One of the largest drains on corporate funds and productivity still haunting most organizations today is the seeming endless reliance on paper documents. Thirty years after the PC revolution put computing power in the hands of virtually every employe, almost all documents are created electronically. Typewriters, once a universal office tool, are regulated to museums. Yet paper documents are everywhere in offices today, and executives are even known to print their e-mail.
The direct cost of this is huge. A 2008 white paper by GreenPrint Technologies, for instance, estimated that the average employee prints 10,000 sheets of paper a year at a cost of $.06 to $.13 per sheet, for a total cost of $600 to $1,300 per employee. Multiply that by the number of office workers in a corporation and it becomes a staggering, and mostly unnecessary, sum.
But eliminating paper isn't just about cutting operating costs. Electronic publishing has numerous advantages and is an important part of any business strategy to support mobile business computing. Among the most important are:
- Electronic documents can contain live links: This is one of the primary advantages of electronic publishing beyond the cost savings, allowing readers to drill down to more detailed information on important topics.
- Electronic documents can be available to everyone who needs them instantly, regardless of the users' physical locations worldwide. Not only are electronic documents available at all corporate offices as soon as they are published, they are also available to authorized readers who are out of the office, including outside sales and support personnel and traveling executives.
- Electronic publishing ensures that everybody is using the most up-to-date copy. Documents change, and keeping paper copies up-to-date can be very demanding and simultaneously very important. This is particularly true of large “living” documents such as repair manuals. But it is also important for small, vital documents such as price lists and other sales collateral. An outside salesperson who hasn't received the latest price sheet might quote an incorrect price to a customer, creating an embarrassing situation. Because electronic publishing only maintains one, master document that all users access, updating is assured.
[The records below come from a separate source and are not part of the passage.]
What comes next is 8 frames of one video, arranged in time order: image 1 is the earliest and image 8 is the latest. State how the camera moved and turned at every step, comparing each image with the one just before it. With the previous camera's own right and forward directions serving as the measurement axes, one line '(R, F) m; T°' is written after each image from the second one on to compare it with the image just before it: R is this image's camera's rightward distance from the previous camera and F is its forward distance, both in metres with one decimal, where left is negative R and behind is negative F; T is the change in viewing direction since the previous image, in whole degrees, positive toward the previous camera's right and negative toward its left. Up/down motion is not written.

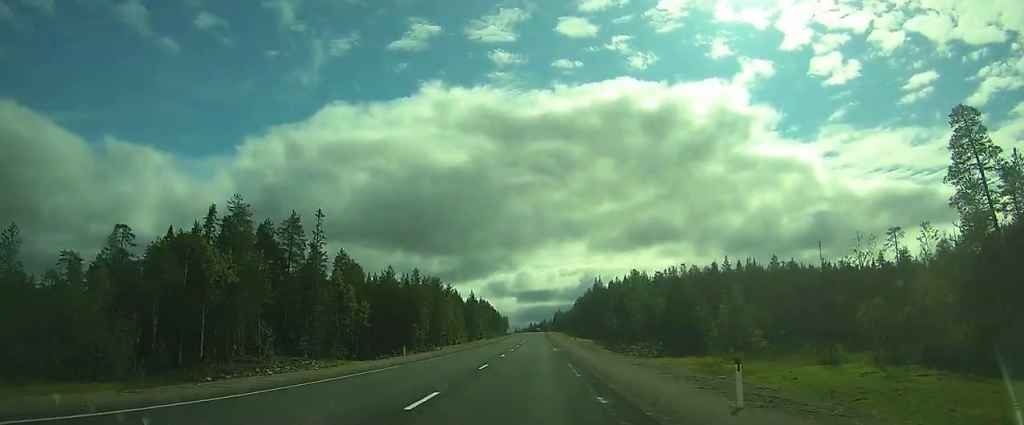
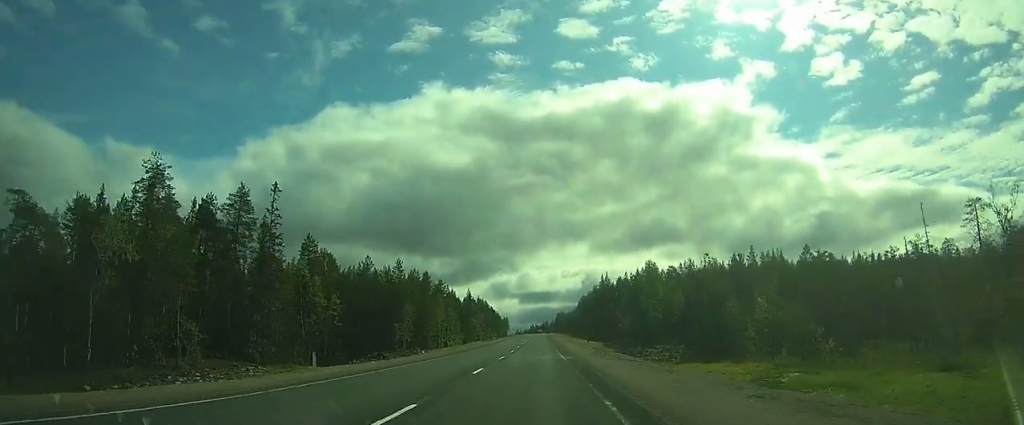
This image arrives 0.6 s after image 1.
(0.0, +14.0) m; 0°
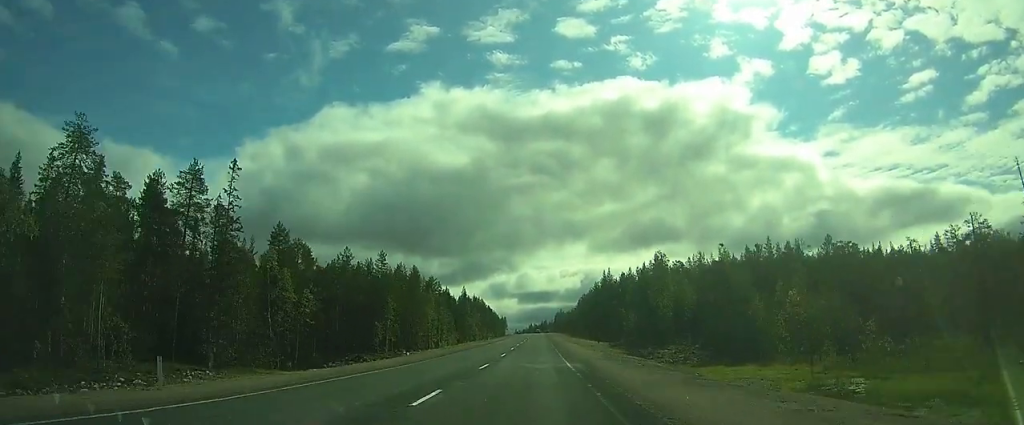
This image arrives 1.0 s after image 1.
(0.0, +8.7) m; +1°
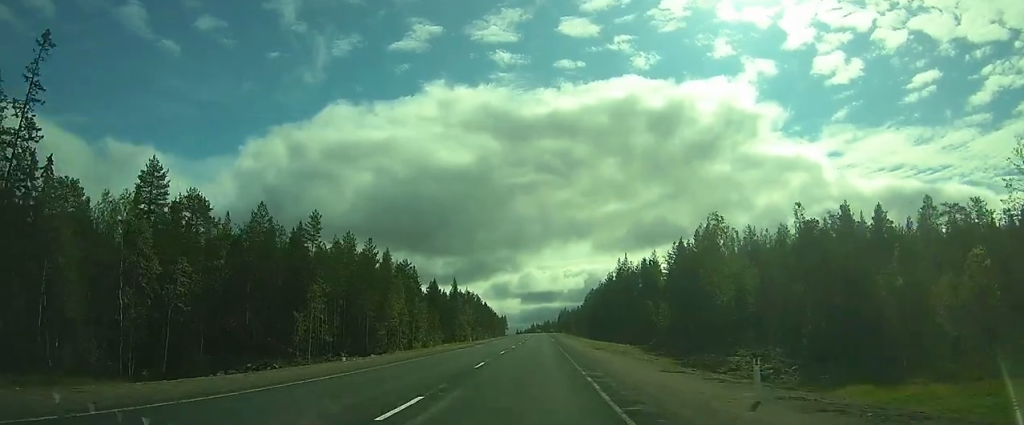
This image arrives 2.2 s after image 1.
(+0.4, +25.0) m; +2°
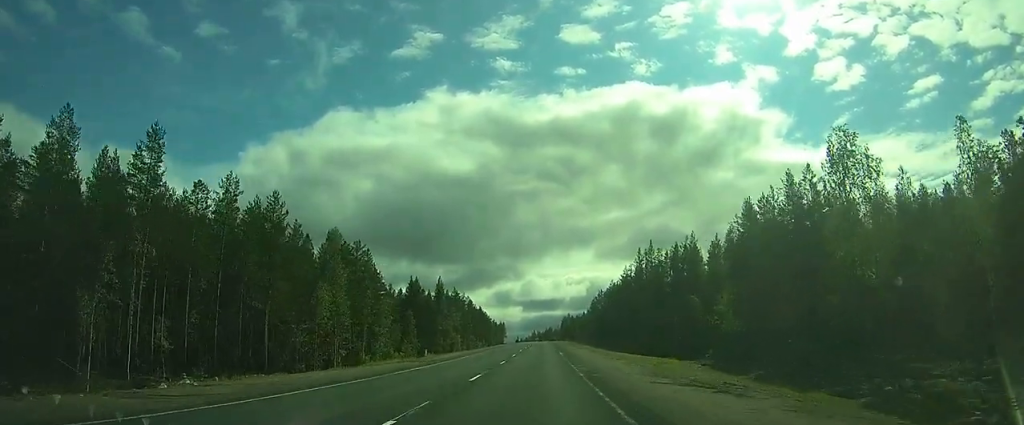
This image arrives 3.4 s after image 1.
(+0.3, +24.4) m; +1°
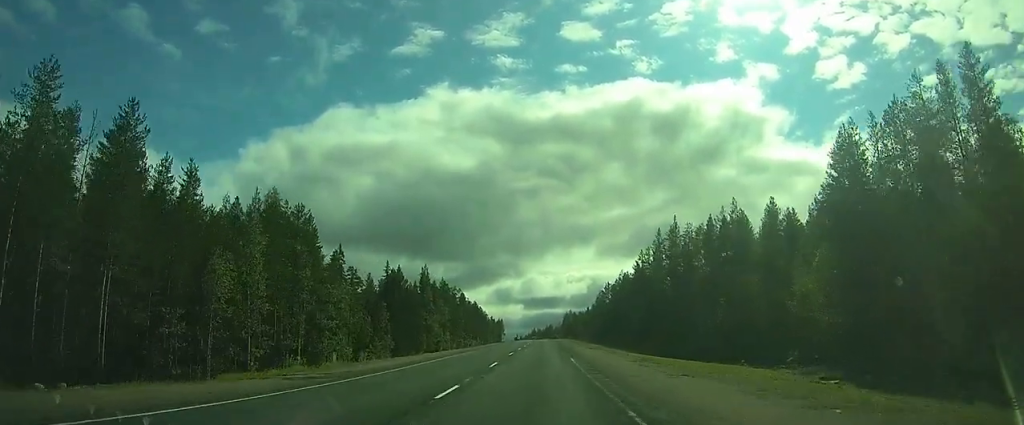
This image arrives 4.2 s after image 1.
(0.0, +16.6) m; 0°
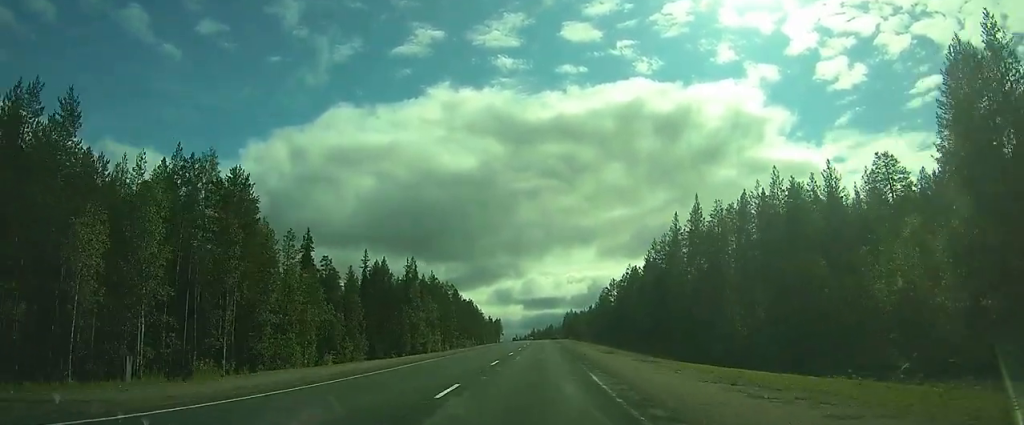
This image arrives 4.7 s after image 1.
(0.0, +11.1) m; 0°
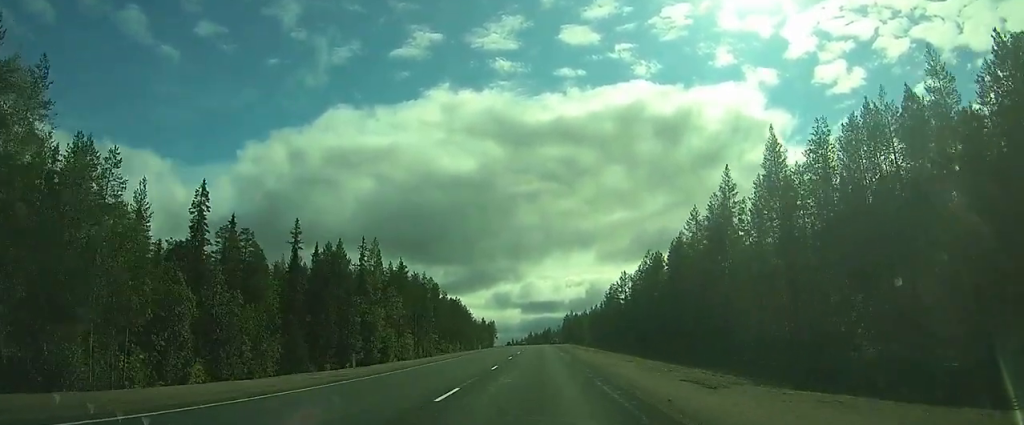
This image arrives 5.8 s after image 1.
(0.0, +22.1) m; 0°

- Documents are more secure. Paper documents can be mishandled, lost, stolen, or purposely copied and shared with unauthorized individuals. Perhaps the most dramatic such case was a Sunday IRA bombing of a London bank office building. No one was injured, but hundreds of pages of confidential information were blown out the shattered windows to fall onto the street below. In another case that became famous during the HIPAA debates of the 1990s, the medical records of a then famous female figure skating champion involved in a one-car accident became public when an overworked nurse left the paper file on the nursing station counter, where a reporter read the skater's blood alcohol level. The personal data was front-page news the next morning.
- Electronic documents are parallel; paper is serial: An electronic document is available to all authorized users simultaneously. A paper copy can only be read by one person at a time. This is particularly important for documents that only have one copy, such as medical records. The location of a patient file that is on a cart somewhere in the hospital can literally be a life-and-death matter in a medical emergency.
- Electronic documents are never misfiled or lost: Because master documents never leave the database and are only viewed by or shared with users over the network, they cannot be misfiled. And strong DR can ensure that, if the system itself malfunctions, the documents can be restored quickly without loss.
And a move to electronic also has major positive environmental results. Every step in the paper lifecycle – from harvesting trees through the manufacture of paper, inks, printers and copiers, to shipping those machines and supplies to users, to the recycling or other inevitable disposal of the documents and the printers and copiers themselves – has various environment costs.
Of course the manufacture of tablet computers and other end-user devices used to read electronic documents also has environmental impacts. But in most cases these devices are used for multiple work and personal tasks starting with electronic communications, at least some of which replace physical mail, business trips, and other activities with their own environmental impacts. And even if the devices are only used to read electronic documents, if they are used frequently the environmental savings from eliminating paper more than makes up for the impact of the tablets' manufacture over the device's lifetime.
Action Item: Overall, electronic publishing has so many advantages over paper printing that companies cannot afford to ignore them. And the largest may be the opportunity to develop a comprehensive program to support tablets, which offer many other potential business benefits, across the organization, transforming the organization into a 21st century mobile enterprise.